Record set

----

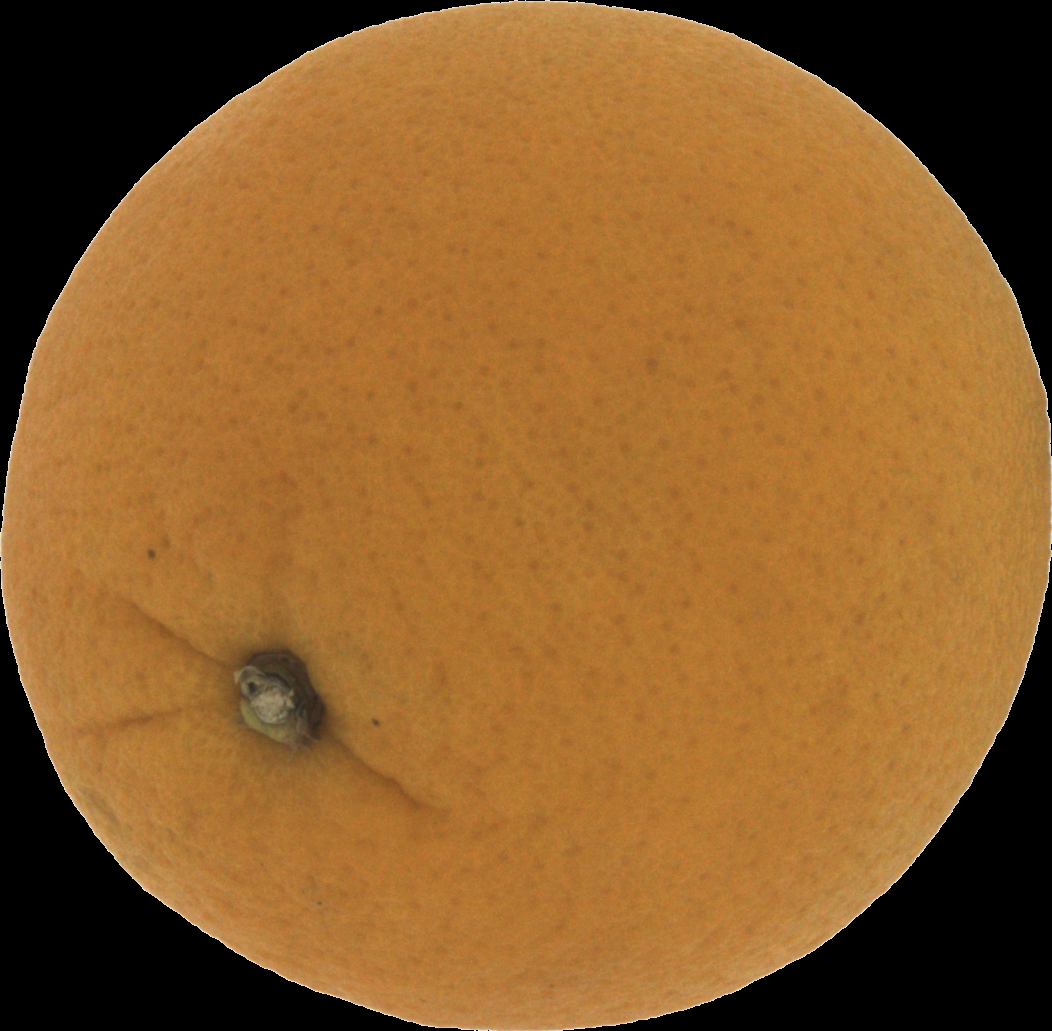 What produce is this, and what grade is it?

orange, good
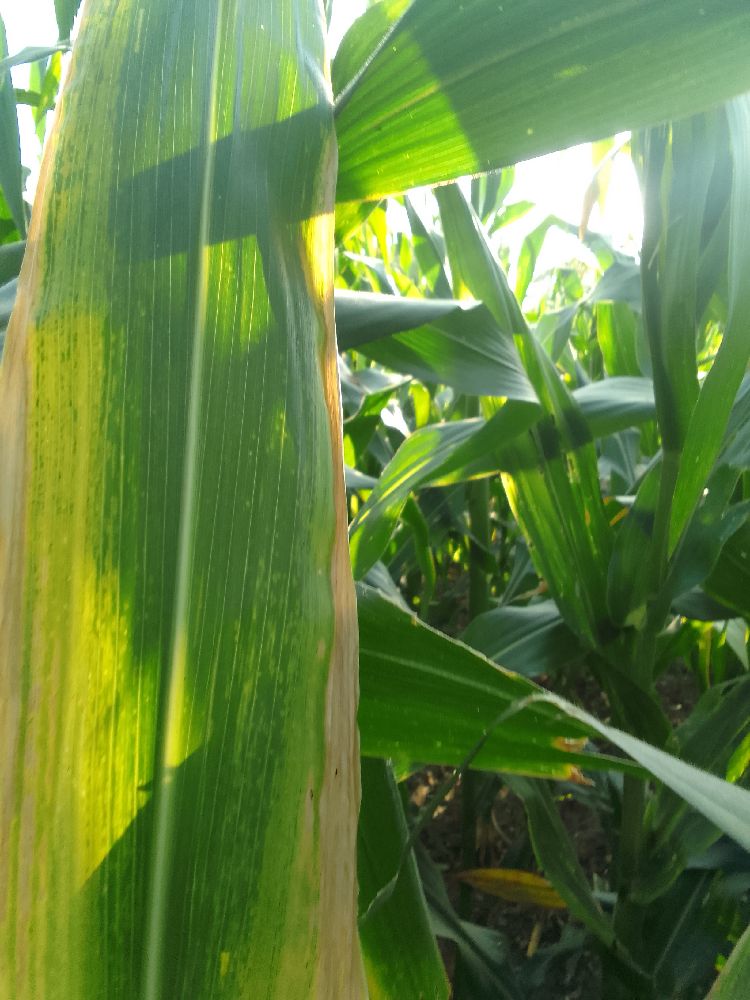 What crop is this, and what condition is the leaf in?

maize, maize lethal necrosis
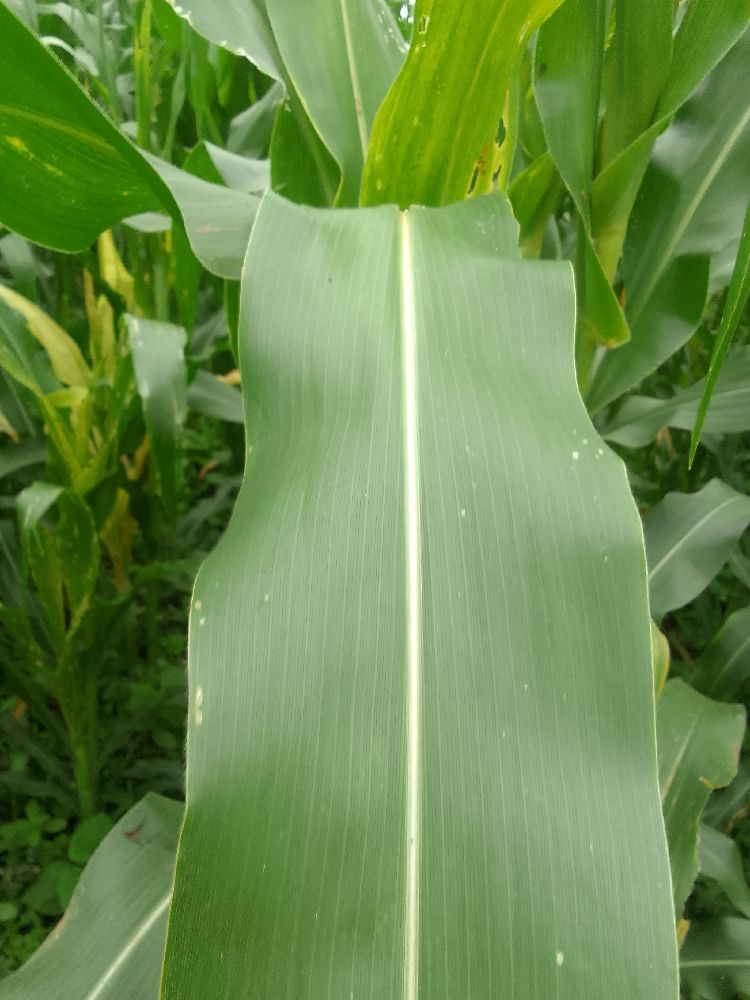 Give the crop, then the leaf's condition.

----

Go through the entries and retype each one exactly, skipping any image.

 What produce is this, and what grade is it?

orange, good
 What crop is this, and what condition is the leaf in?

maize, maize lethal necrosis
 Give the crop, then the leaf's condition.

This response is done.